Neil Besner Hosts Gala
The winners will be announced at the Manitoba Book Awards Gala, hosted by Neil Besner, UWinnipeg’s Vice-President (Students and International) and former Dean of Arts on Sunday, April 25, 2010, at the Centre Culturel Franco-Manitobain, 340 boulevard Provencher. A pre-awards reception begins at 7:00 pm and the ceremony begins at 8:00 pm. Admission is free and the event is open to the public.

Debra Schnitzer
She completed her PhD at the University of Manitoba exploring inter-arts correspondences between visual and verbal systems of representation in Modernist visual art and narratives.

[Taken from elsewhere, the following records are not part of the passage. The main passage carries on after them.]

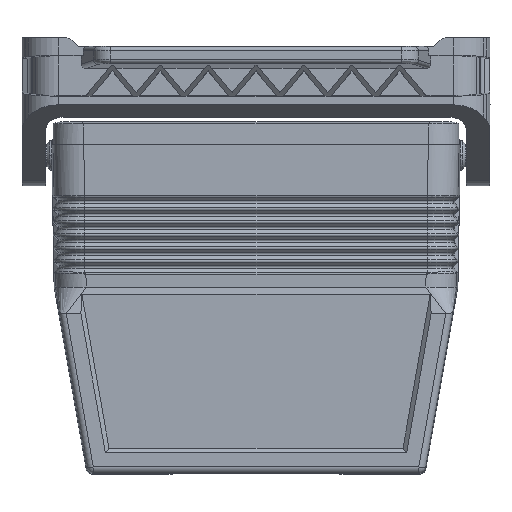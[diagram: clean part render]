
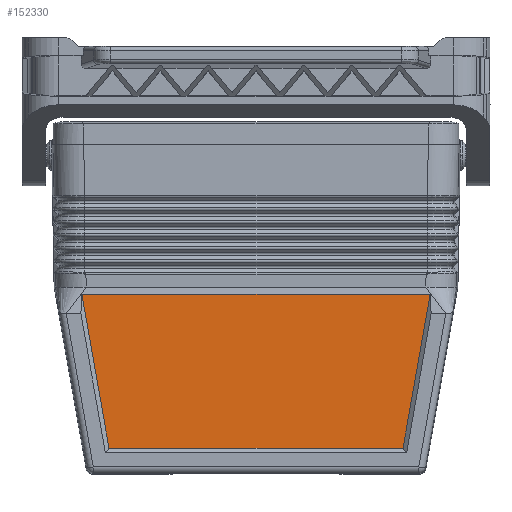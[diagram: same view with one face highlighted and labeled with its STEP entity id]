
A CAD part, front view. The second image highlights one B-rep face of the part: STEP entity #152330.
In plain terms, the highlighted face is planar.
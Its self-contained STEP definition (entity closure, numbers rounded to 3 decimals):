
#146490=CARTESIAN_POINT('',(417.083,-22.843,
34.87));
#146500=VERTEX_POINT('',#146490);
#146530=CARTESIAN_POINT('',(417.083,44.373,
34.87));
#146540=DIRECTION('',(0.,1.,0.));
#146550=VECTOR('',#146540,1.);
#146560=LINE('',#146530,#146550);
#146570=CARTESIAN_POINT('',(417.083,57.156,
34.87));
#146580=VERTEX_POINT('',#146570);
#146590=EDGE_CURVE('',#146500,#146580,#146560,.T.);
#152030=CARTESIAN_POINT('',(417.083,-12.317,
48.893));
#152040=DIRECTION('',(1.,0.,0.));
#152050=DIRECTION('',(0.,1.,0.));
#152060=AXIS2_PLACEMENT_3D('',#152030,#152040,#152050);
#152070=PLANE('',#152060);
#152080=CARTESIAN_POINT('',(417.083,-26.831,
12.233));
#152090=DIRECTION('',(0.,-0.174,
-0.985));
#152100=VECTOR('',#152090,1.);
#152110=LINE('',#152080,#152100);
#152120=CARTESIAN_POINT('',(417.083,-16.613,
70.233));
#152130=VERTEX_POINT('',#152120);
#152140=EDGE_CURVE('',#152130,#146500,#152110,.T.);
#152150=ORIENTED_EDGE('',*,*,#152140,.T.);
#152160=CARTESIAN_POINT('',(417.083,44.373,
70.233));
#152170=DIRECTION('',(0.,-1.,0.));
#152180=VECTOR('',#152170,1.);
#152190=LINE('',#152160,#152180);
#152200=CARTESIAN_POINT('',(417.083,50.926,
70.233));
#152210=VERTEX_POINT('',#152200);
#152220=EDGE_CURVE('',#152210,#152130,#152190,.T.);
#152230=ORIENTED_EDGE('',*,*,#152220,.T.);
#152240=CARTESIAN_POINT('',(417.083,61.144,
12.233));
#152250=DIRECTION('',(0.,0.174,
-0.985));
#152260=VECTOR('',#152250,1.);
#152270=LINE('',#152240,#152260);
#152280=EDGE_CURVE('',#152210,#146580,#152270,.T.);
#152290=ORIENTED_EDGE('',*,*,#152280,.F.);
#152300=ORIENTED_EDGE('',*,*,#146590,.T.);
#152310=EDGE_LOOP('',(#152300,#152290,#152230,#152150));
#152320=FACE_OUTER_BOUND('',#152310,.T.);
#152330=ADVANCED_FACE('',(#152320),#152070,.T.);

She currently teaches English Literature at The University of Winnipeg and specializes in Modernist literature, most particularly in the writing of Virginia Woolf and Gertrude Stein. She has developed courses in gay and lesbian literatures, Aboriginal literatures, peace and war making in literature, picture books for children as well as Practicum courses that explore literacy and culture, community-based learning and activism.

Margaret Sweatman
Sweatman was born in Winnipeg, and currently makes the city her home. She has a Bachelor of Arts degree in English and History from The University of Winnipeg, studied Communication Arts at Concordia University, completed a Master of Arts degree at Simon Fraser University and has since done independent post-graduate studies. She teaches literature and creative writing and performs with the Broken Songs Band. She is a novelist and playwright who works with poetry, song and performance.

Royden Loewen
Loewen grew up on a farm in the Blumenort district, near Steinbach, Manitoba and is a descendant of the Low-German speaking Mennonites who arrived here from the Russian Empire in 1874. He is also a UWinnipeg graduate. Throughout the 1980s Royden farmed in the summer and worked on his MA and PhD degrees in history during the winter months. In 1990 he completed his PhD at The University of Manitoba. Loewen has been a Fulbright Fellow at the University of Chicago, a Research Fellow at the University of Victoria, a Sawatsky Visiting Scholar at Conrad Grebel College University.